Let $A$ be a $4\times 5$ matrix with rank $2$ and let $U$ be the corresponding row echelon form matrix.

I want to check if the following statements are true or not.
  1. If $B$ is a $5\times 5$ invertible matrix, at least two of the columns of $B$ are not in the nulity of $A$.
  2. There is a $b\in \mathbb{R}^4$ such that $Ax=b$ has a unique solution.
  3. $U$ has exactly one zero row.
  4. $U$ has two linearly independent rows.
  5. There is a $b\in \mathbb{R}^4$ such that $Ax=b$ has no solution.
  6. The equation $Ax=b$ has infinitely many solutions for each $b$.
I have done the following:
  1. Since $B$ is a $5\times 5$ invertible matrix, the rank is equal to $5$, or not? From the rank-nullity theorem we get that the nulity is equal to $0$.
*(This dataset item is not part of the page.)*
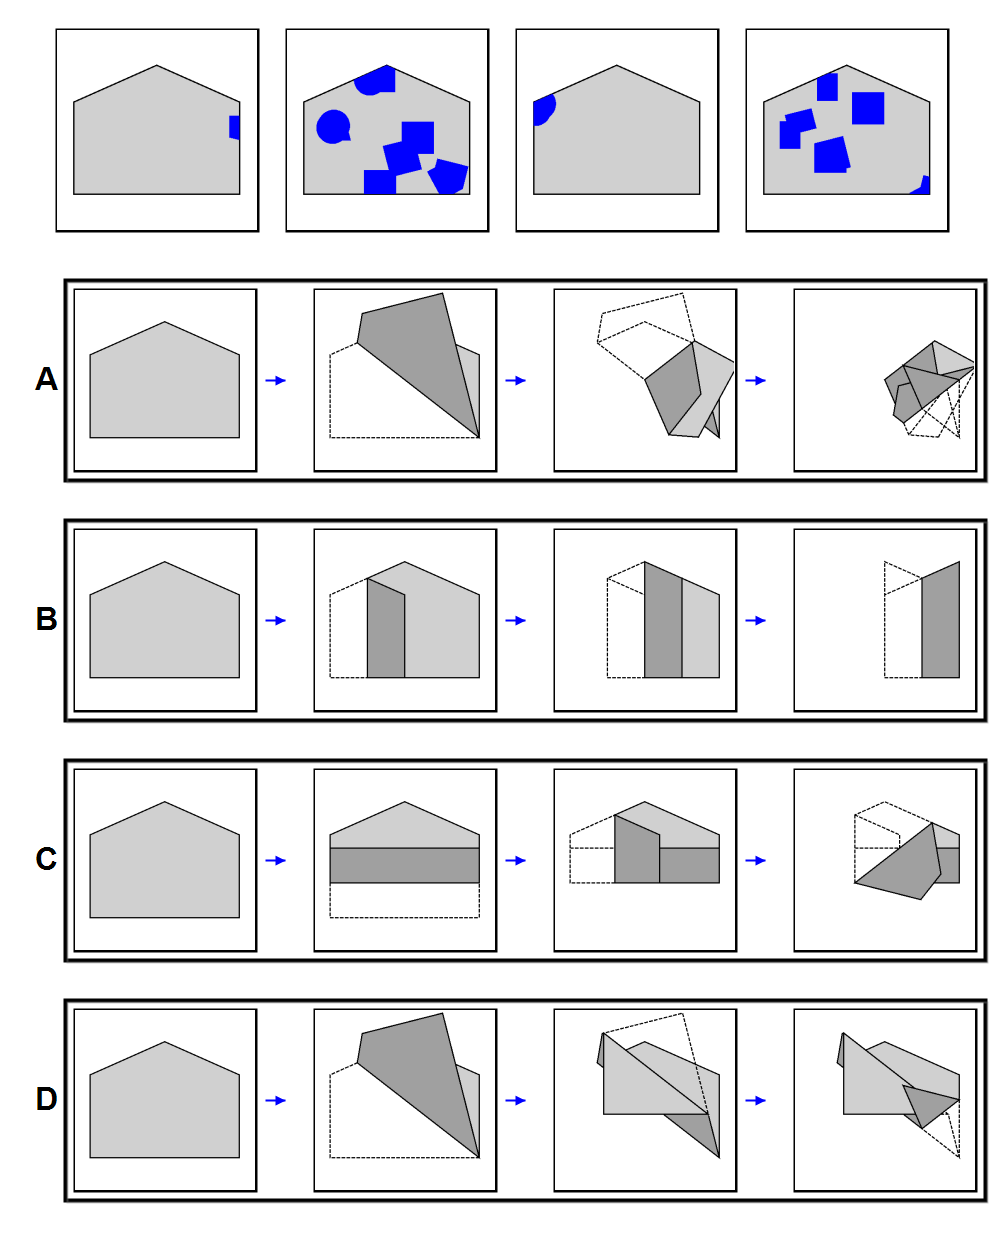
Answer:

    What do we get from that? That the statement is wrong?

Hey mathmari!

That's about the nullity of $B$. It's not related to the nullity of $A$ is it? (Worried)

Since the rank of $A$ is $2$, its null space is the span of 3 linearly independent vectors.
So 3 columns of $B$ could conceivably fall into the null space of $A$.
But not 4, or could they? (Wondering)

mathmari said:
$ $
2. Since the rank of the matrix is smaller than the number of columns the system $Ax=b$ has more than one solution.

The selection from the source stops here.